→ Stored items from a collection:
┄┄┄┄┄┄

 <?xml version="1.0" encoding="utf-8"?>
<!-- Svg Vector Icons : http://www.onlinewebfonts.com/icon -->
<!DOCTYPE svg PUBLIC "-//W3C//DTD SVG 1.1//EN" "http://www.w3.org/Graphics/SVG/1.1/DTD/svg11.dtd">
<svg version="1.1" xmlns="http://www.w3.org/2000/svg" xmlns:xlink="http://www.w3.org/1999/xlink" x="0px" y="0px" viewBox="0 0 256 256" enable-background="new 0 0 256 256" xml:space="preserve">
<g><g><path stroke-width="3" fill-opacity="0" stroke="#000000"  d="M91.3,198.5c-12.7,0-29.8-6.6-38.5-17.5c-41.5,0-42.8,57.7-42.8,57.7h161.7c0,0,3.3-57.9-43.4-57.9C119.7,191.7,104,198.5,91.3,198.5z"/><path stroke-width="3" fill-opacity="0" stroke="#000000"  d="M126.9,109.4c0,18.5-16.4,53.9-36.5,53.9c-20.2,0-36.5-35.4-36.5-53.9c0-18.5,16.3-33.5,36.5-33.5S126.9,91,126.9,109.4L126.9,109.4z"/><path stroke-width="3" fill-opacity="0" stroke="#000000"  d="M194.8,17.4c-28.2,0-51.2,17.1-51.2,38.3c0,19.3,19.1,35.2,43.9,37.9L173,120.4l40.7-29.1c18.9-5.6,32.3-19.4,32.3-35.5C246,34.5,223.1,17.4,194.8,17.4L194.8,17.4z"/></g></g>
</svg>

┄┄┄┄┄┄

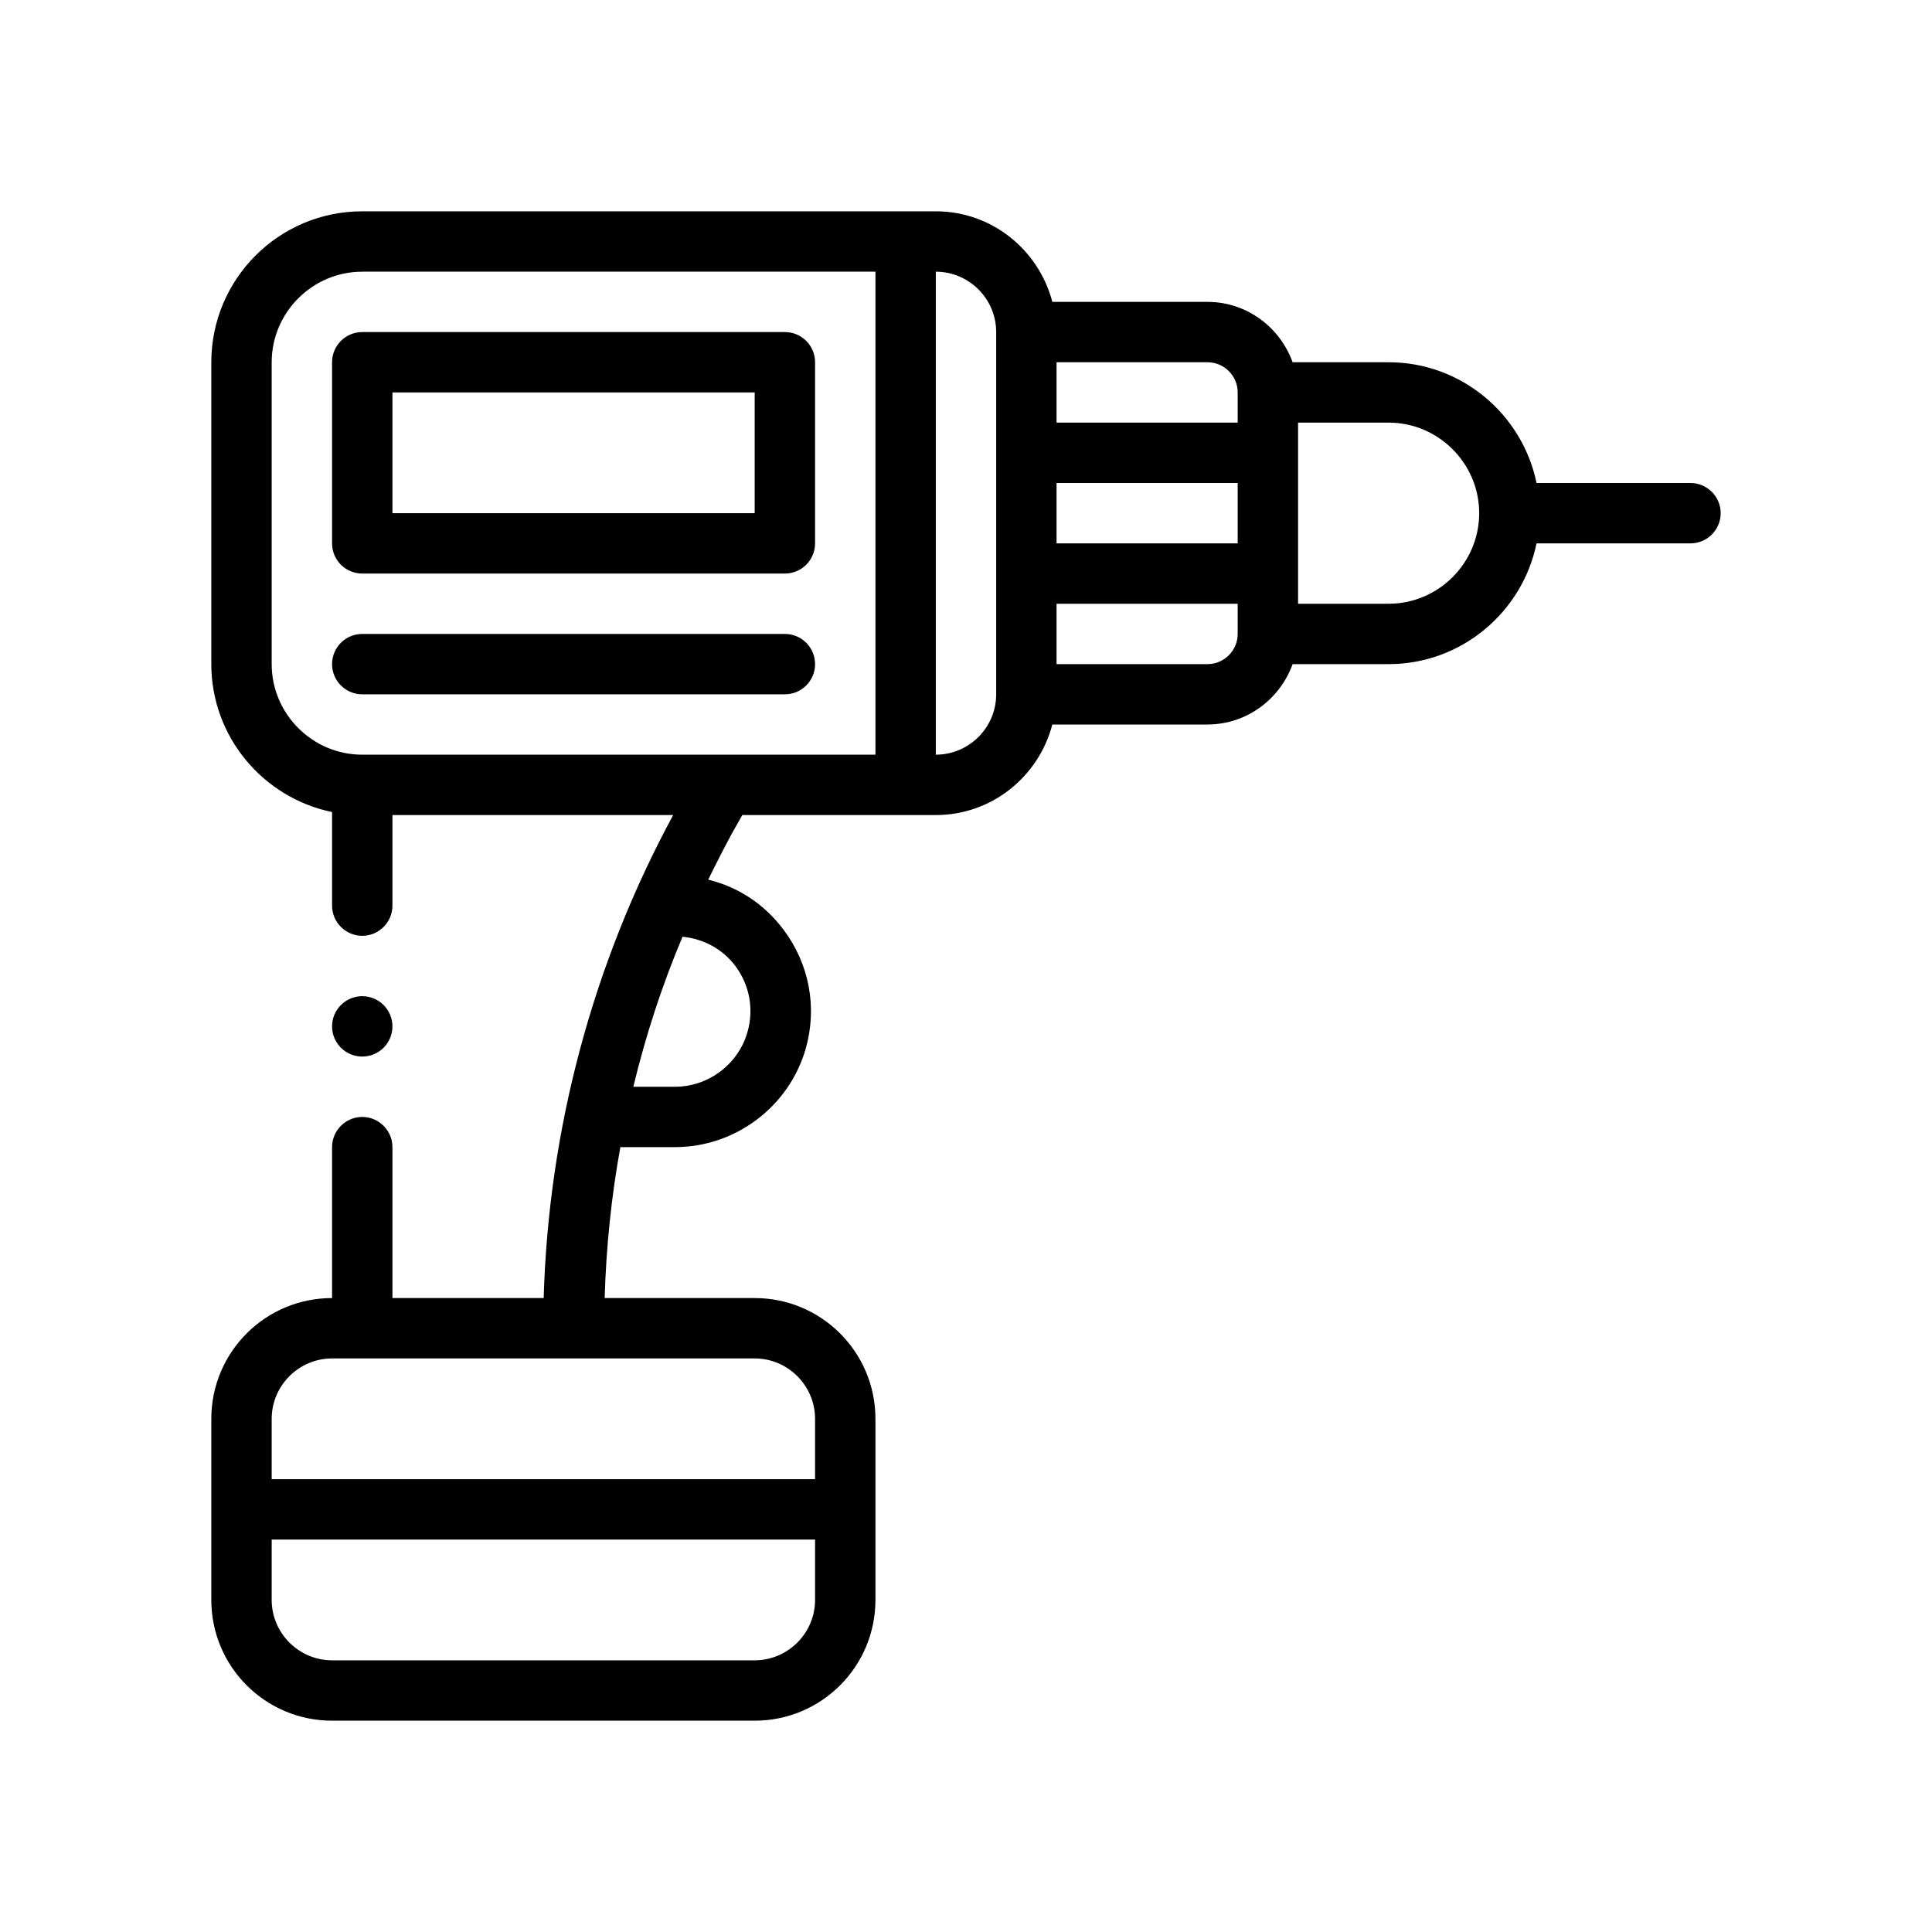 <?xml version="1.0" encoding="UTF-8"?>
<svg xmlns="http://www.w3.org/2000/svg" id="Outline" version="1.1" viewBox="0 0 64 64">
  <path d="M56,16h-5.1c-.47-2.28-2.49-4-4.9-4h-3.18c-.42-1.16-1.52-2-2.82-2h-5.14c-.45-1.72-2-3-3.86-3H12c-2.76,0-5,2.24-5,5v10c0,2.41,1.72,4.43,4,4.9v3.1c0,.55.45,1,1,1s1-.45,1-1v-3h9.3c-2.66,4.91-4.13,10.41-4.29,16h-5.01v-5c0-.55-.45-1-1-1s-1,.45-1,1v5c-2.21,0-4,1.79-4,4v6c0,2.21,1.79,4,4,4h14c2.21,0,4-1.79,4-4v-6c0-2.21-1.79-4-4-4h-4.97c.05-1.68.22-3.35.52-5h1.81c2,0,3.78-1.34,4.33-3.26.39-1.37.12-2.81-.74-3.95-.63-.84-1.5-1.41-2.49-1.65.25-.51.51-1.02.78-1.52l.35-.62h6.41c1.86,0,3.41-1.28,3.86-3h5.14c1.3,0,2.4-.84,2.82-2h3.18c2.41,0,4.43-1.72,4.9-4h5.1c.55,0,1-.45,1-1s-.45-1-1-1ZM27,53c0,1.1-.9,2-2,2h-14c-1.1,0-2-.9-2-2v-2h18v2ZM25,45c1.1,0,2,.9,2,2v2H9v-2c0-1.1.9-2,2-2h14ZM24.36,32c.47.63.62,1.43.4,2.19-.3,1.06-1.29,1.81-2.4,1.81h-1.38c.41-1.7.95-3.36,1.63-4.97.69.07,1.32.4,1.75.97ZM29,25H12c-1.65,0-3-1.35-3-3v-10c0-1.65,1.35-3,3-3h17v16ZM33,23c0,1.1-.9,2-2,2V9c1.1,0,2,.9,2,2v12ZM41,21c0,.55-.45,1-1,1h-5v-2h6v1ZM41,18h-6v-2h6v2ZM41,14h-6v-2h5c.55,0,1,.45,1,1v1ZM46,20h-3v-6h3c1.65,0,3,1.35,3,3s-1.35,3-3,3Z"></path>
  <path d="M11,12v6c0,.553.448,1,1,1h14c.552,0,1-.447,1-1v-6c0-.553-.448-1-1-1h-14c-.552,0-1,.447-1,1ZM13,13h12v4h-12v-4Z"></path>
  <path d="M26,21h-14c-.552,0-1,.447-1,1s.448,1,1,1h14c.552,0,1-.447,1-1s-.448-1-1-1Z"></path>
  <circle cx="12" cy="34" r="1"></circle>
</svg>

┄┄┄┄┄┄

→ EXERCISE AIM:
The answer must consist of every line from the data that contains the word "xmlns".

→ RESULT OF THE EXERCISE:
<svg version="1.1" xmlns="http://www.w3.org/2000/svg" xmlns:xlink="http://www.w3.org/1999/xlink" x="0px" y="0px" viewBox="0 0 256 256" enable-background="new 0 0 256 256" xml:space="preserve">
<svg xmlns="http://www.w3.org/2000/svg" id="Outline" version="1.1" viewBox="0 0 64 64">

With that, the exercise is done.